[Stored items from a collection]
━━━━━━━━━━━━━━━━━━━━

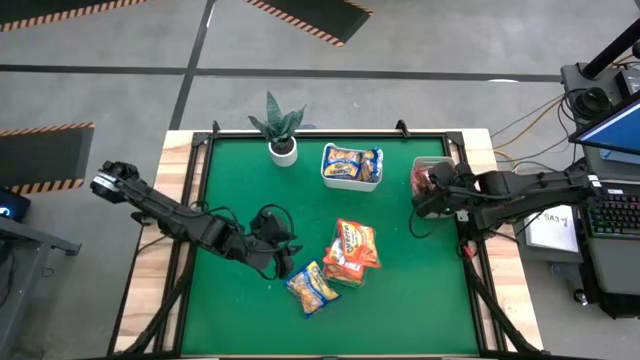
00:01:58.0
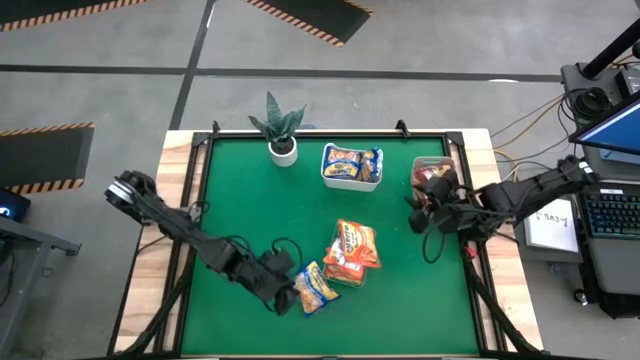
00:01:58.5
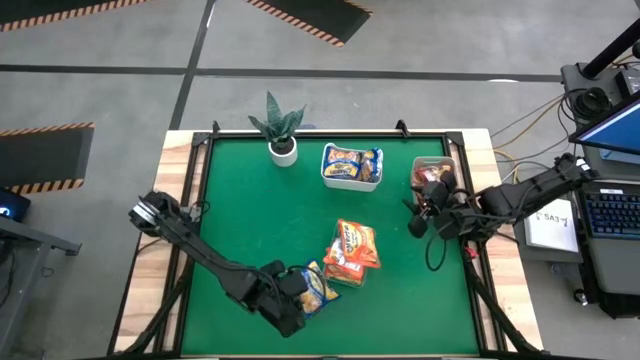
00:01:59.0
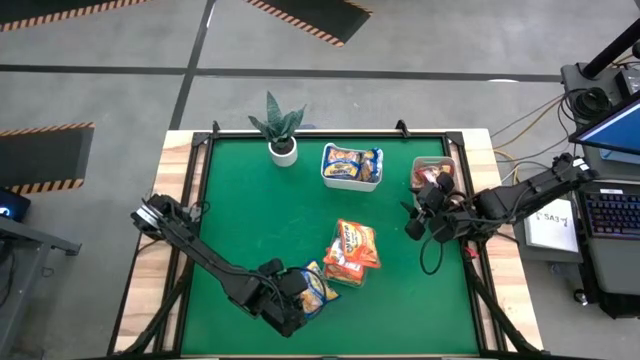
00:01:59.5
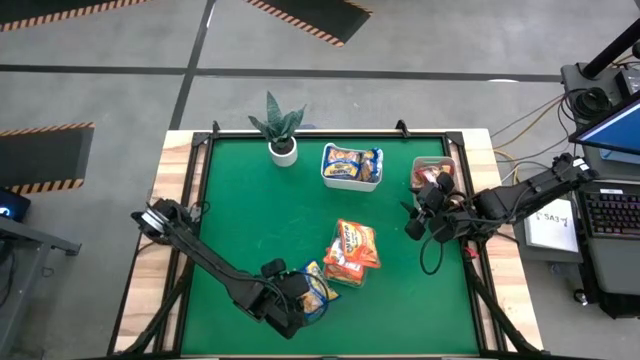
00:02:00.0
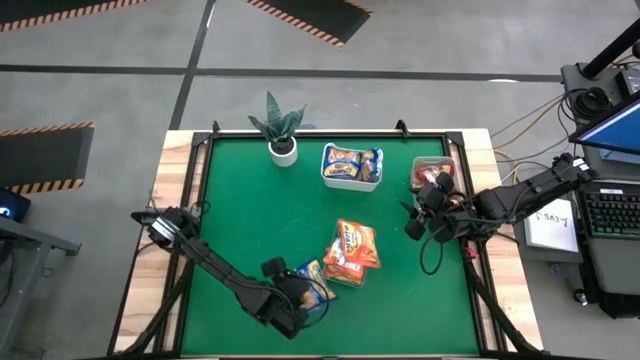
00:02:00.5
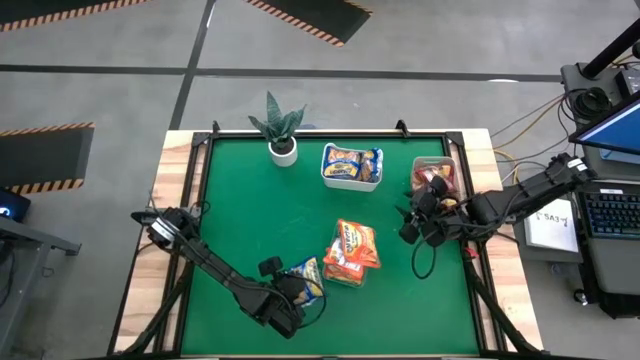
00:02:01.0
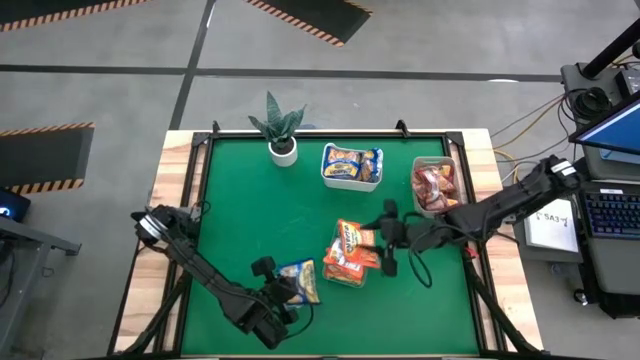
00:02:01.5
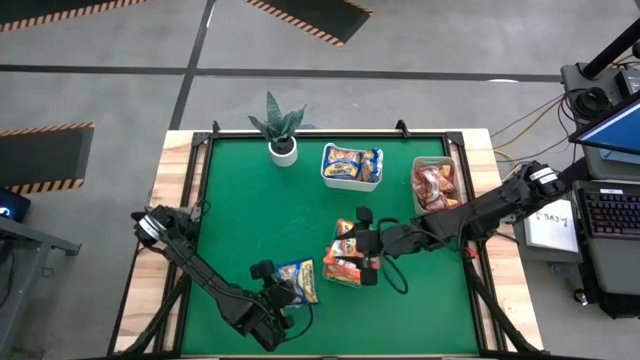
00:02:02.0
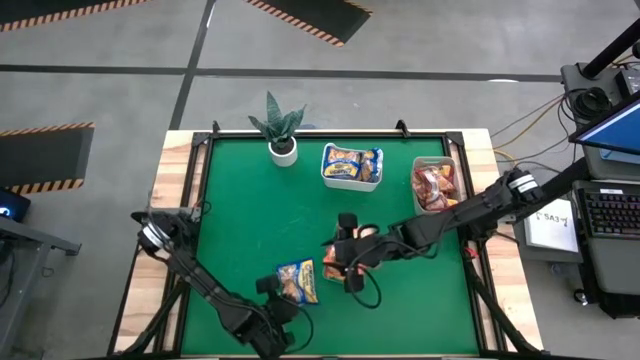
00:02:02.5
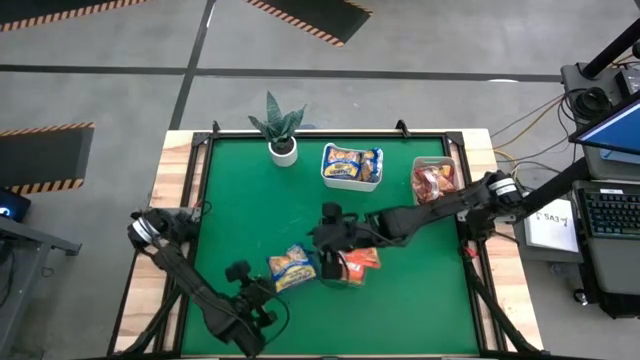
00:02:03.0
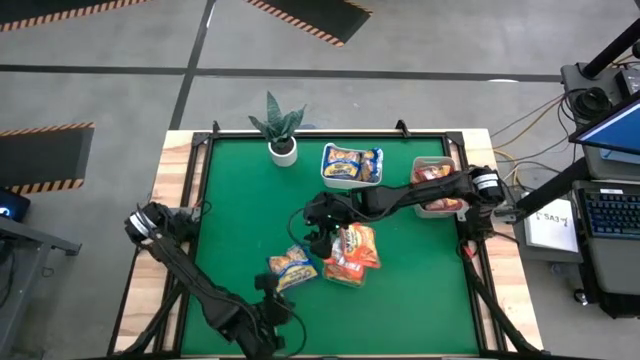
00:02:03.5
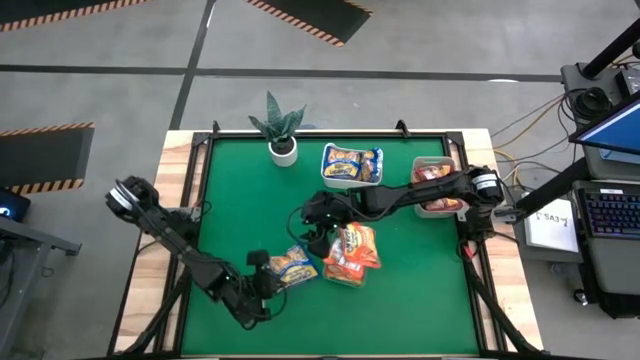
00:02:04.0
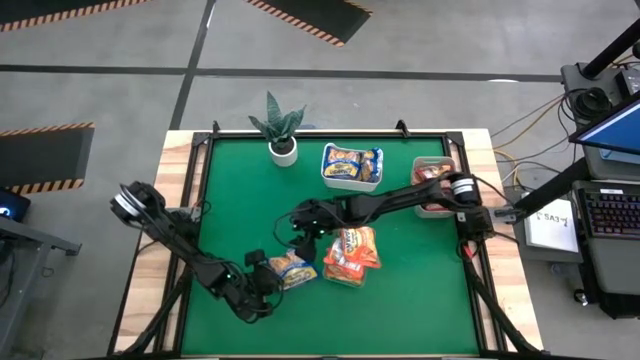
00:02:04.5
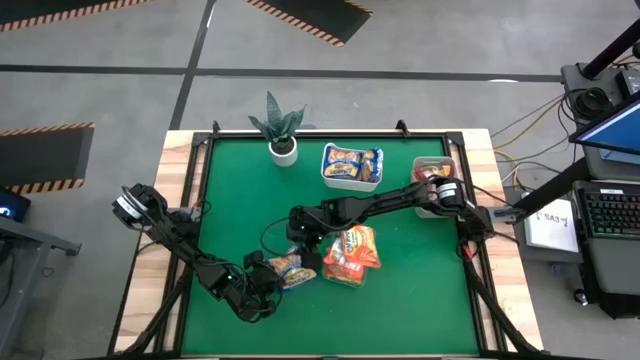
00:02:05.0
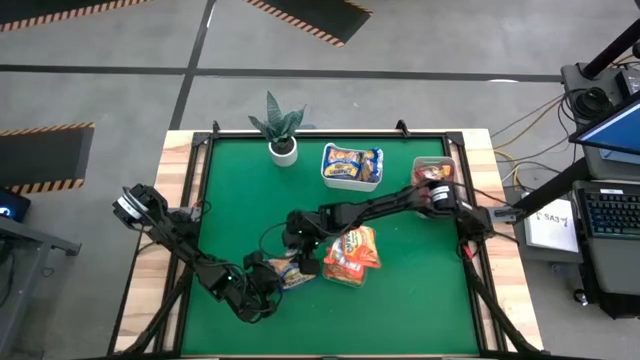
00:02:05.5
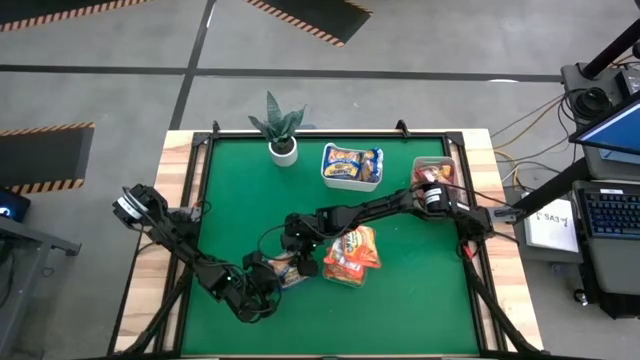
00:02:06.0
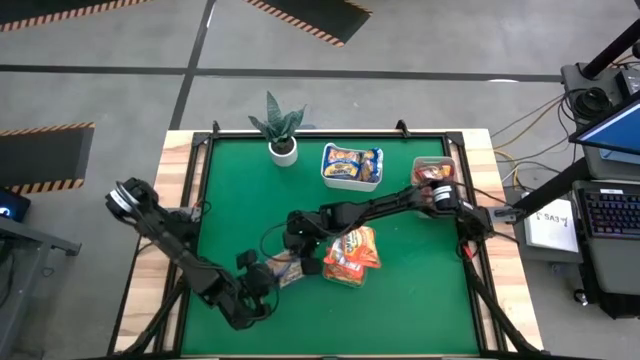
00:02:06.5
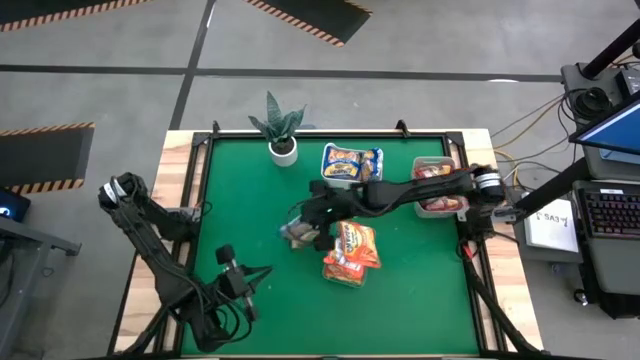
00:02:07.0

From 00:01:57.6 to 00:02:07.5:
Put the blue noodle pack into the white bin

━━━━━━━━━━━━━━━━━━━━

All of the entries must be reproduced exactly, with no pictures kept.

• Response:
00:01:58.0
00:01:58.5
00:01:59.0
00:01:59.5
00:02:00.0
00:02:00.5
00:02:01.0
00:02:01.5
00:02:02.0
00:02:02.5
00:02:03.0
00:02:03.5
00:02:04.0
00:02:04.5
00:02:05.0
00:02:05.5
00:02:06.0
00:02:06.5
00:02:07.0

From 00:01:57.6 to 00:02:07.5:
Put the blue noodle pack into the white bin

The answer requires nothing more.